**WHAT YOU WILL DO:** Please give the entries again in full and exactly, without any picture.

**DATA SUPPLIED:**

########################################

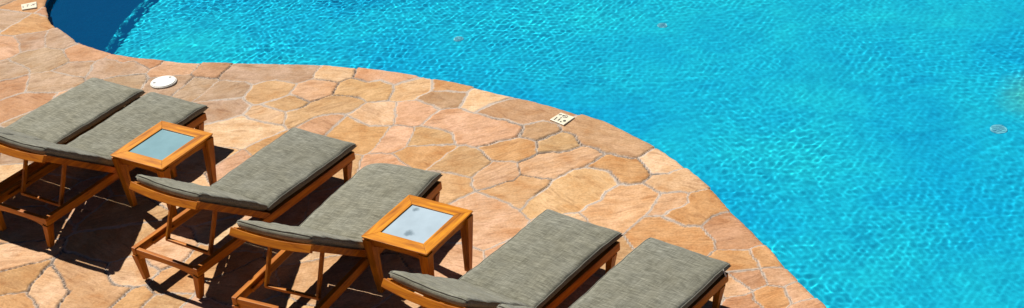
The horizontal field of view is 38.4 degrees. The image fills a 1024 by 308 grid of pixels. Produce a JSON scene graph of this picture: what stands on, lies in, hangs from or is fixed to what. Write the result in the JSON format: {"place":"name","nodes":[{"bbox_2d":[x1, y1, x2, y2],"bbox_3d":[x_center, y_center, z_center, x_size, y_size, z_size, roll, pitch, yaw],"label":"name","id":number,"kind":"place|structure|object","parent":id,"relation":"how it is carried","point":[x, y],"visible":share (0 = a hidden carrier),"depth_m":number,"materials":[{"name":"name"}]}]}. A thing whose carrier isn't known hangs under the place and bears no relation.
{"place":"outdoors","nodes":[
{"label":"outdoors","id":0,"kind":"place"},
{"bbox_2d":[0,0,825,307],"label":"pool deck","id":1,"kind":"structure","parent":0,"point":[506,168],"depth_m":12.15,"materials":[{"name":"stone"}]},
{"bbox_2d":[21,2,36,10],"bbox_3d":[-5.297,-1.617,16.107,0.166,0.024,0.171,-13,31,-12],"label":"depth marker tile","id":2,"kind":"object","parent":1,"relation":"on","point":[31,5],"visible":1,"depth_m":16.09,"materials":[{"name":"white tile"}]},
{"bbox_2d":[0,78,144,191],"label":"sun lounger","id":3,"kind":"object","parent":1,"relation":"on","point":[69,116],"visible":0.66,"depth_m":12.97,"materials":[{"name":"grey fabric"}]},
{"bbox_2d":[0,92,208,247],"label":"sun lounger","id":4,"kind":"object","parent":1,"relation":"on","point":[96,147],"visible":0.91,"depth_m":12.15,"materials":[{"name":"grey fabric"}]},
{"bbox_2d":[110,121,216,217],"bbox_3d":[-2.848,0.137,12.160,0.572,0.510,0.620,13,35,29],"label":"side table","id":5,"kind":"object","parent":1,"relation":"on","point":[162,149],"visible":0.95,"depth_m":12.04,"materials":[{"name":"brown wood"}]},
{"bbox_2d":[150,76,176,88],"bbox_3d":[-3.365,-0.696,14.183,0.260,0.030,0.260,-5,30,0],"label":"skimmer lid","id":6,"kind":"object","parent":1,"relation":"on","point":[162,82],"visible":1,"depth_m":14.15,"materials":[{"name":"white plastic"}]},
{"bbox_2d":[129,128,356,298],"bbox_3d":[-2.093,0.225,11.570,0.690,0.823,1.948,14,35,30],"label":"sun lounger","id":7,"kind":"object","parent":1,"relation":"on","point":[278,177],"visible":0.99,"depth_m":11.51,"materials":[{"name":"grey fabric"}]},
{"bbox_2d":[229,163,442,307],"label":"sun lounger","id":8,"kind":"object","parent":1,"relation":"on","point":[344,218],"visible":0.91,"depth_m":10.93,"materials":[{"name":"grey fabric"}]},
{"bbox_2d":[361,195,472,300],"bbox_3d":[-0.665,0.723,10.791,0.572,0.510,0.620,13,35,29],"label":"side table","id":9,"kind":"object","parent":1,"relation":"on","point":[423,230],"visible":0.94,"depth_m":10.66,"materials":[{"name":"brown wood"}]},
{"bbox_2d":[381,209,622,307],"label":"sun lounger","id":10,"kind":"object","parent":1,"relation":"on","point":[547,258],"visible":0.97,"depth_m":10.29,"materials":[{"name":"grey fabric"}]},
{"bbox_2d":[550,113,574,125],"bbox_3d":[0.441,-0.304,12.897,0.166,0.025,0.160,20,39,37],"label":"depth marker tile","id":11,"kind":"object","parent":1,"relation":"on","point":[562,119],"visible":1,"depth_m":12.88,"materials":[{"name":"white tile"}]},
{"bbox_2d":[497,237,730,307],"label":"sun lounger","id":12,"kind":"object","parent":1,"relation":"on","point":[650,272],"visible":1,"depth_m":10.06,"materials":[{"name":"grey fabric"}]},
{"bbox_2d":[46,0,1023,307],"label":"pool water","id":13,"kind":"structure","parent":0,"point":[850,152],"depth_m":13.37,"materials":[{"name":"blue liquid"}]}
]}

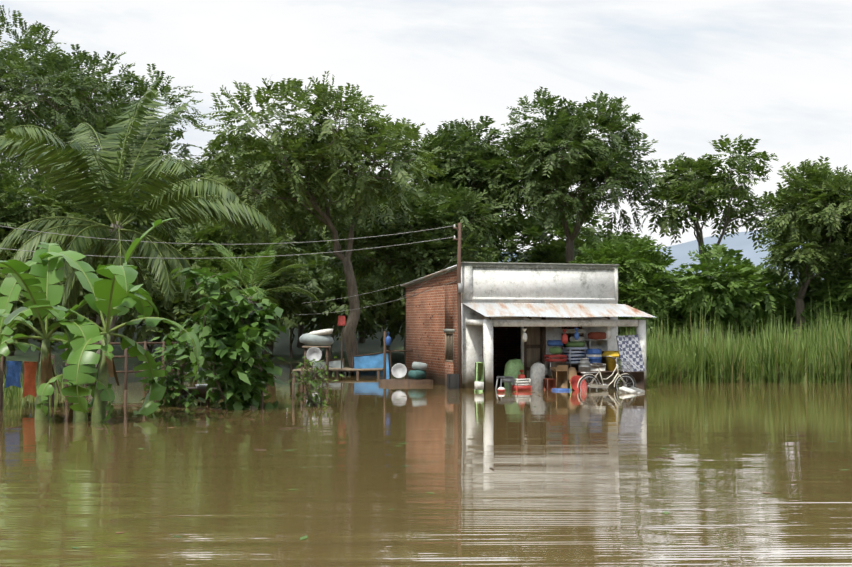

########################################

**ANSWER FOR THE TASK:**
The horizontal field of view is 38.4 degrees. The image fills a 1024 by 308 grid of pixels. Produce a JSON scene graph of this picture: what stands on, lies in, hangs from or is fixed to what. Write the result in the JSON format: {"place":"name","nodes":[{"bbox_2d":[x1, y1, x2, y2],"bbox_3d":[x_center, y_center, z_center, x_size, y_size, z_size, roll, pitch, yaw],"label":"name","id":number,"kind":"place|structure|object","parent":id,"relation":"how it is carried","point":[x, y],"visible":share (0 = a hidden carrier),"depth_m":number,"materials":[{"name":"name"}]}]}. A thing whose carrier isn't known hangs under the place and bears no relation.
{"place":"outdoors","nodes":[
{"label":"outdoors","id":0,"kind":"place"},
{"bbox_2d":[0,0,825,307],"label":"pool deck","id":1,"kind":"structure","parent":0,"point":[506,168],"depth_m":12.15,"materials":[{"name":"stone"}]},
{"bbox_2d":[21,2,36,10],"bbox_3d":[-5.297,-1.617,16.107,0.166,0.024,0.171,-13,31,-12],"label":"depth marker tile","id":2,"kind":"object","parent":1,"relation":"on","point":[31,5],"visible":1,"depth_m":16.09,"materials":[{"name":"white tile"}]},
{"bbox_2d":[0,78,144,191],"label":"sun lounger","id":3,"kind":"object","parent":1,"relation":"on","point":[69,116],"visible":0.66,"depth_m":12.97,"materials":[{"name":"grey fabric"}]},
{"bbox_2d":[0,92,208,247],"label":"sun lounger","id":4,"kind":"object","parent":1,"relation":"on","point":[96,147],"visible":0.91,"depth_m":12.15,"materials":[{"name":"grey fabric"}]},
{"bbox_2d":[110,121,216,217],"bbox_3d":[-2.848,0.137,12.160,0.572,0.510,0.620,13,35,29],"label":"side table","id":5,"kind":"object","parent":1,"relation":"on","point":[162,149],"visible":0.95,"depth_m":12.04,"materials":[{"name":"brown wood"}]},
{"bbox_2d":[150,76,176,88],"bbox_3d":[-3.365,-0.696,14.183,0.260,0.030,0.260,-5,30,0],"label":"skimmer lid","id":6,"kind":"object","parent":1,"relation":"on","point":[162,82],"visible":1,"depth_m":14.15,"materials":[{"name":"white plastic"}]},
{"bbox_2d":[129,128,356,298],"bbox_3d":[-2.093,0.225,11.570,0.690,0.823,1.948,14,35,30],"label":"sun lounger","id":7,"kind":"object","parent":1,"relation":"on","point":[278,177],"visible":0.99,"depth_m":11.51,"materials":[{"name":"grey fabric"}]},
{"bbox_2d":[229,163,442,307],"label":"sun lounger","id":8,"kind":"object","parent":1,"relation":"on","point":[344,218],"visible":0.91,"depth_m":10.93,"materials":[{"name":"grey fabric"}]},
{"bbox_2d":[361,195,472,300],"bbox_3d":[-0.665,0.723,10.791,0.572,0.510,0.620,13,35,29],"label":"side table","id":9,"kind":"object","parent":1,"relation":"on","point":[423,230],"visible":0.94,"depth_m":10.66,"materials":[{"name":"brown wood"}]},
{"bbox_2d":[381,209,622,307],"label":"sun lounger","id":10,"kind":"object","parent":1,"relation":"on","point":[547,258],"visible":0.97,"depth_m":10.29,"materials":[{"name":"grey fabric"}]},
{"bbox_2d":[550,113,574,125],"bbox_3d":[0.441,-0.304,12.897,0.166,0.025,0.160,20,39,37],"label":"depth marker tile","id":11,"kind":"object","parent":1,"relation":"on","point":[562,119],"visible":1,"depth_m":12.88,"materials":[{"name":"white tile"}]},
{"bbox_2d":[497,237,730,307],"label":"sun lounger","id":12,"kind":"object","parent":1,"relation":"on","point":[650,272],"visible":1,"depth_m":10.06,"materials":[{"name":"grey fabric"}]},
{"bbox_2d":[46,0,1023,307],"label":"pool water","id":13,"kind":"structure","parent":0,"point":[850,152],"depth_m":13.37,"materials":[{"name":"blue liquid"}]}
]}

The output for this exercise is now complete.